ENTAH apa yang terlintas dalam pemikiran-pemikiran para pemangku kebijakan negara ini. Betapa tidak, di saat kondisi tanah air masih berjibaku dengan pandemi virus corona atau covid-19, pemerintah justru mewacanakan dan akan menerapkan kebijakan new normal.
Bisa jadi maksud pemerintah ini baik, tidak ingin gara-gara mewabahnya virus corona membuat perekonomian di tanah air kian terpuruk. Namun masalahnya, apalah arti ekonomi jika kesehatan dan keselamatan jiwa masyarakatnya masih dalam ancaman ganasnya virus asal Wuhan, China tersebut. Hal itu jelas tidak berarti bukan?
Betul, dalam penerapan kebijakan new normal, pemerintah selalu mewanti-wanti agar masyarakat senantiasa memperhatikan protokol kesehatan sebagaimana telah diatur sedemikian rupa oleh pemerintah. Hanya saja, patut dicermati pula tingkat kedisipilinan masyarakat tanah air. Menurut hemat penulis, maaf dengan berat hati harus mengatakan masih sangat rendah.
Tengok saja, dalam pelaksanaan Pembatasan Sosial Berskala Besar (PSBB) yang diterapkan dengan segala pernak-pernik aturan berikut sanksi, masih begitu banyak masyarakat yang seolah tak peduli. Masih banyak ditemukan penduduk +62 ini bekerkeliaran, berkegiatan di luar rumah seolah tidak ada apa-apa. Khususnya waktu menjelang hari raya idul fitri kemarin.

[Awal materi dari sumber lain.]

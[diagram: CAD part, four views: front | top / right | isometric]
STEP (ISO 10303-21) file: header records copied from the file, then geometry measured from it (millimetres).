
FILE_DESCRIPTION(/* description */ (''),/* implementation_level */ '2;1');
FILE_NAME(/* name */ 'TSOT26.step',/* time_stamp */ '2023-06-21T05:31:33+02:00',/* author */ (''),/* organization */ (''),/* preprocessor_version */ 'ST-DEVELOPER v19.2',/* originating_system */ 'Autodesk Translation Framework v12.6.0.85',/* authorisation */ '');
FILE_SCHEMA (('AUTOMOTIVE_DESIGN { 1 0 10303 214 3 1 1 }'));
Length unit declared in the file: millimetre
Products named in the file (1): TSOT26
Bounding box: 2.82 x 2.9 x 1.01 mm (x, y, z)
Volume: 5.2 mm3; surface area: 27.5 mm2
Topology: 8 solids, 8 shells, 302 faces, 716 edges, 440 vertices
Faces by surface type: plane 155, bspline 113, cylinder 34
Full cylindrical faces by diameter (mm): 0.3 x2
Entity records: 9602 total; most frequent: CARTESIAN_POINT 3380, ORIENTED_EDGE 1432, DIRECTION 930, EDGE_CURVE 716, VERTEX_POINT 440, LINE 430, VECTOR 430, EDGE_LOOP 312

Hampir di seluruh daerah di tanah air, masyarakat Indonesia dengan santainya berdesak-desakan di pusat perbelanjaan, baik di pasar tradisional, modern bahkan pusat pertokoan besar.

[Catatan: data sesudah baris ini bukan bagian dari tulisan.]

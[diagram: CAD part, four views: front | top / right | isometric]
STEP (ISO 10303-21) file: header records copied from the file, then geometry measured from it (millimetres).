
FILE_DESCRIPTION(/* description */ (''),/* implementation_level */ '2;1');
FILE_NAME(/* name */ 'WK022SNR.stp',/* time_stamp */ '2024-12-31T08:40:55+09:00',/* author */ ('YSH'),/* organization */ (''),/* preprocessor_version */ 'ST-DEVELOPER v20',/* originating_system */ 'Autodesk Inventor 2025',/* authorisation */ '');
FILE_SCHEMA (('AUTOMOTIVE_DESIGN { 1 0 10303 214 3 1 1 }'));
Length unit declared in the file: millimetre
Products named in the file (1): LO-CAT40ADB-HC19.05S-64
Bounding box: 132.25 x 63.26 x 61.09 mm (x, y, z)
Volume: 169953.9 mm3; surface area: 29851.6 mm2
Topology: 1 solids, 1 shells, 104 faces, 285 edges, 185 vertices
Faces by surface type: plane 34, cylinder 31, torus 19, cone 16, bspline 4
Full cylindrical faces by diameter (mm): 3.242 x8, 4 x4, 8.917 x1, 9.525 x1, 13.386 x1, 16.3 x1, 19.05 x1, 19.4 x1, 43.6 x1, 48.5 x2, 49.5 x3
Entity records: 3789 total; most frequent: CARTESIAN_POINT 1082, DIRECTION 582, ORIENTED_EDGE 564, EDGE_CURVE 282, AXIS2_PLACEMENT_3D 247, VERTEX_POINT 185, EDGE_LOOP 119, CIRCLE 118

Parahnya, para pemangku kebijakan pun seolah tidak mampu berbuat apa-apa. Kerumunan massa yang terjadi pada beberapa hari terakhir sebelum lebaran seolah dibiarkan saja. Mereka seperti pasrah dengan fenomena tersebut.

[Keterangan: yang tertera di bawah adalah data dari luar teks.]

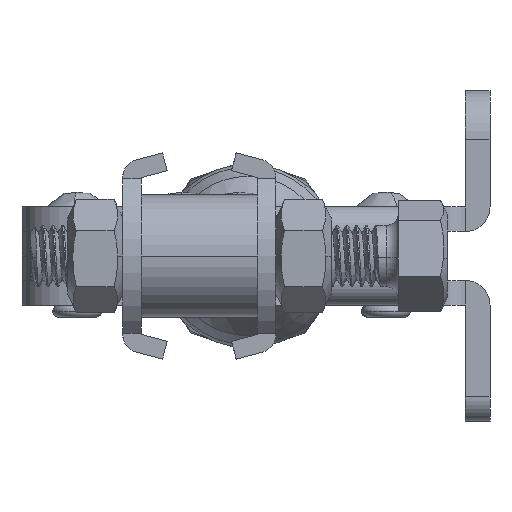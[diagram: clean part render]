
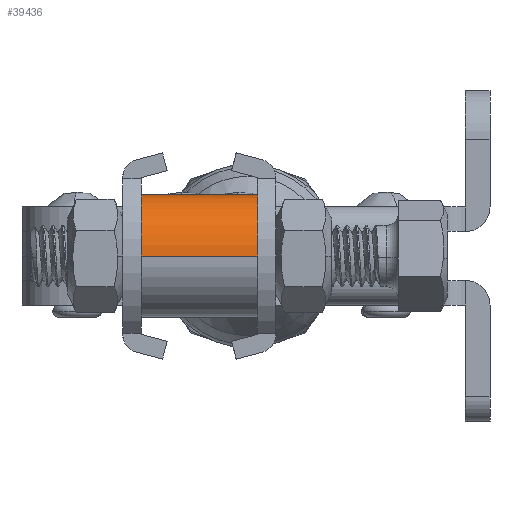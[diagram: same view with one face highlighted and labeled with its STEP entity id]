
A CAD part, left-side view. The second image highlights one B-rep face of the part: STEP entity #39436.
In plain terms, the highlighted cylindrical face has radius 5 mm (diameter 10.001 mm), a partial arc.
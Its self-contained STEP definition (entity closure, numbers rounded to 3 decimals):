
#19314 = CARTESIAN_POINT ( 'NONE',  ( 0., -5., 0. ) ) ;
#19315 = DIRECTION ( 'NONE',  ( 0., 0., -1. ) ) ;
#19316 = VECTOR ( 'NONE', #19315, 1000. ) ;
#19317 = CARTESIAN_POINT ( 'NONE',  ( 0., -5., 19.2 ) ) ;
#19318 = LINE ( 'NONE', #19317, #19316 ) ;
#19319 = CARTESIAN_POINT ( 'NONE',  ( 0., -5., 9.5 ) ) ;
#19692 = CARTESIAN_POINT ( 'NONE',  ( -5., 0., 0. ) ) ;
#19693 = DIRECTION ( 'NONE',  ( 1., 0., 0. ) ) ;
#19694 = DIRECTION ( 'NONE',  ( 0., 0., 1. ) ) ;
#19695 = CARTESIAN_POINT ( 'NONE',  ( 0., 0., 0. ) ) ;
#19696 = AXIS2_PLACEMENT_3D ( 'NONE', #19695, #19694, #19693 ) ;
#19697 = CIRCLE ( 'NONE', #19696, 5. ) ;
#19911 = DIRECTION ( 'NONE',  ( -1., 0., 0. ) ) ;
#19912 = DIRECTION ( 'NONE',  ( 0., 0., -1. ) ) ;
#19913 = AXIS2_PLACEMENT_3D ( 'NONE', #19919, #19912, #19911 ) ;
#19914 = CIRCLE ( 'NONE', #19913, 5. ) ;
#19915 = DIRECTION ( 'NONE',  ( -1., 0., 0. ) ) ;
#19916 = DIRECTION ( 'NONE',  ( 0., 0., -1. ) ) ;
#19917 = CARTESIAN_POINT ( 'NONE',  ( 0., 0., 19.2 ) ) ;
#19918 = AXIS2_PLACEMENT_3D ( 'NONE', #19917, #19916, #19915 ) ;
#19919 = CARTESIAN_POINT ( 'NONE',  ( 0., 0., 9.5 ) ) ;
#19920 = CYLINDRICAL_SURFACE ( 'NONE', #19918, 5. ) ;
#19921 = FACE_OUTER_BOUND ( 'NONE', #39437, .T. ) ;
#20041 = CARTESIAN_POINT ( 'NONE',  ( -5., 0., 9.5 ) ) ;
#20042 = DIRECTION ( 'NONE',  ( 0., 0., -1. ) ) ;
#20043 = VECTOR ( 'NONE', #20042, 1000. ) ;
#20044 = CARTESIAN_POINT ( 'NONE',  ( -5., 0., 19.2 ) ) ;
#20045 = LINE ( 'NONE', #20044, #20043 ) ;
#39199 = VERTEX_POINT ( 'NONE', #19319 ) ;
#39201 = EDGE_CURVE ( 'NONE', #39199, #39202, #19318, .T. ) ;
#39202 = VERTEX_POINT ( 'NONE', #19314 ) ;
#39324 = EDGE_CURVE ( 'NONE', #39325, #39202, #19697, .T. ) ;
#39325 = VERTEX_POINT ( 'NONE', #19692 ) ;
#39436 = ADVANCED_FACE ( 'NONE', ( #19921 ), #19920, .T. ) ;
#39437 = EDGE_LOOP ( 'NONE', ( #39438, #39439, #39493, #39494 ) ) ;
#39438 = ORIENTED_EDGE ( 'NONE', *, *, #39201, .F. ) ;
#39439 = ORIENTED_EDGE ( 'NONE', *, *, #39440, .T. ) ;
#39440 = EDGE_CURVE ( 'NONE', #39199, #39509, #19914, .T. ) ;
#39493 = ORIENTED_EDGE ( 'NONE', *, *, #39508, .T. ) ;
#39494 = ORIENTED_EDGE ( 'NONE', *, *, #39324, .T. ) ;
#39508 = EDGE_CURVE ( 'NONE', #39509, #39325, #20045, .T. ) ;
#39509 = VERTEX_POINT ( 'NONE', #20041 ) ;

Akibatnya, beberapa pasar di beberapa daerah menjadi klaster baru penyebaran virus corona. Sebut saja diantaranya adalah pasar Cileungsi Bogor, Jawa Barat dan Pasar Pinasungkulan Menado, Sulawesi Utara.
Yang menjadi pertanyaan, bagaimana jadinya prilaku masyarakat Indonesia jika nantinya penerapan kebijakan new normal diberlakukan? Boleh jadi, mereka akan lebih leluasa untuk kembali melakukan aktifitas kesehariannya tanpa takut lagi di awasi atau diperiksa oleh aparat yang telah disiapkan pemerintah.
Ya, penulis melihat bahwa kedisiplinan yang dilakukan oleh masyarakat ini kecenderungannya hanya takut diperiksa oleh aparat keamanan dibanding oleh virus itu sendiri.
Jika ini berlaku, tentu akan sangat membahayakan bagi kesehatan dan keselamatan jiwa masyarakat tanah air sendiri. Walau bagaimanapun, dalam pandangan penulis, new normal ini sangat dipaksakan oleh pemerintah hanya demi mensetabilkan kembali ekonomi negara yang terpuruk.
Pro kontra yang tumbuh kembang di masyarakat terkait penerapan kebijakan new normal sepertinya sudah tidak berarti lagi bagi pemerintah. Dalam pikiran mereka, yang penting bagaimana caranya ekonomi kembali tumbuh dan stabil seperti semula.